オーサリング環境では、ウィンドウに契約全体が表示され、以下のフォームフィールドをドラッグ&ドロップして配置することができます。

  • 署名/イニシャル
  • 署名者の名前 - 署名フィールドのタイプセットバージョン(印刷名)
  • タイトル/会社名
  • 署名日
  • 受信者の電子メールアドレス
  • 自由入力テキストフィールド
  • チェックボックス/ラジオボタン
オーサリング環境

フィールドの追加が完了したら、契約を送信して署名プロセスを開始できます。

「契約」タブ

Salesforce と統合すると、契約は原則として、その契約の内容にとって意味のあるオブジェクトと関係付けられます。  取引先担当者に NDA を送信すると、その取引先担当者ページのリストに契約が表示されます。  同じように、商談から受信者に契約を送信すると、受信者と商談の両方のリストに契約が表示されます。

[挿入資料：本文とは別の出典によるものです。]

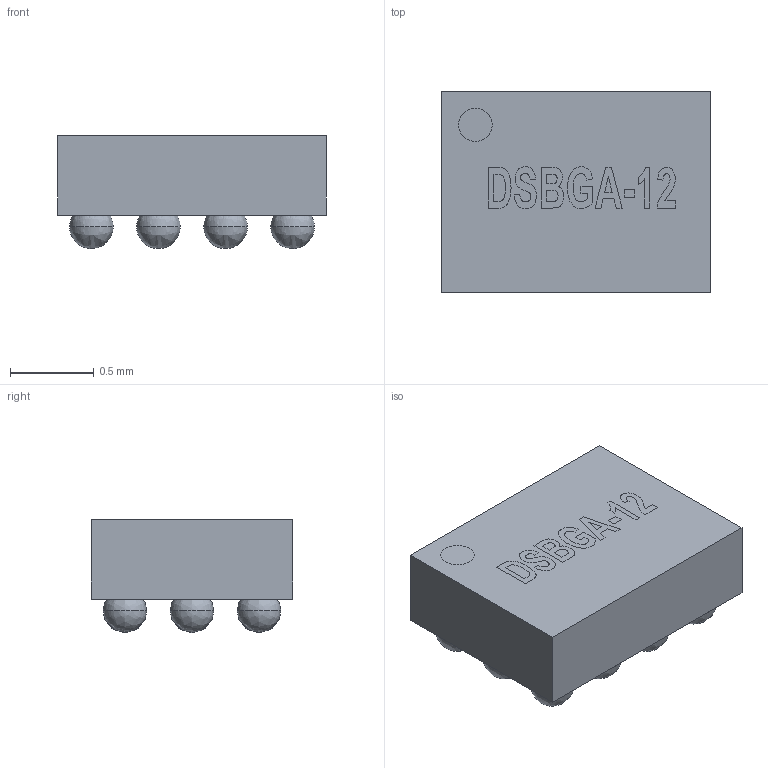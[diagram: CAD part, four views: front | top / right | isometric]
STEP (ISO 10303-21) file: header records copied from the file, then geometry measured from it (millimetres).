
FILE_DESCRIPTION (( 'STEP AP214' ), '1' );
FILE_NAME ('User Library-dsbga12.STEP', '2022-12-25T23:48:40', ( '' ), ( '' ), 'SwSTEP 2.0', 'SolidWorks 2022', '' );
FILE_SCHEMA (( 'AUTOMOTIVE_DESIGN' ));
Length unit declared in the file: millimetre
Products named in the file (5): Compound001; User Library-dsbga12; Pad; Scale; Cylinder
Assembly tree (4 placements, depth 2):
  User Library-dsbga12
    Pad
    Compound001
    Scale
    Cylinder
Bounding box: 1.6 x 1.2 x 0.68 mm (x, y, z)
Volume: 1 mm3; surface area: 10.1 mm2
Topology: 22 solids, 22 shells, 203 faces, 549 edges, 342 vertices
Faces by surface type: bspline 130, plane 71, cylinder 2
Entity records: 9450 total; most frequent: CARTESIAN_POINT 2797, ORIENTED_EDGE 1002, EDGE_CURVE 501, DIRECTION 477, VERTEX_POINT 342, VECTOR 261, LINE 261, UNCERTAINTY_MEASURE_WITH_UNIT 234

ある契約がシステム内で孤立した場合、「契約」タブにはすべての契約が表示されます(「すべて」を選択し、「移動」をクリック)。  表示を許可されているすべての契約のリストが生成されます。このリストは、契約の任意(またはすべて)のフィールドを表示するようにカスタマイズできます。

「契約」タブでの検索

契約が見つかったら、名前をダブルクリックして開き、必要に応じてステータスを変更できます。オプションは次のとおりです。

  • 通知 - リアルタイムでリマインダーを送信します。
  • 変更 - 契約書のステータスが Salesforce で認識されている状況から変更されているかどうかを Adobe Sign に問い合わせます。
  • 表示 - 契約文書の内容を表示します。
  • 削除 - Salesforce 内の契約レコードを削除します。
  • キャンセル - 契約を終了して、キャンセルステータスに設定します。

 

署名者を置き換え - このオプション設定を使用すると、現在の署名者(電子メールアドレス)を他の署名者に置き換えることができます。ユーザーが電子メールアドレスを変更した場合、外出している場合または契約を別の署名者や承認者にリダイレクトする必要がある場合に便利です。

署名者を置き換え

「契約を管理」タブ

公開されている場合、「契約を管理」タブでは、Adobe Sign ユーザーアカウントへのポータルが開き、ユーザー ID(電子メールアドレス)に関連付けられているすべての契約が表示されます。  これが役立つ状況もありますが、契約の検索とコンテキストの中での理解という点では Salesforce の方が優れています。管理者は通常、すべてのアクティビティを Salesforce でおこなうためにこのタブを非表示にします。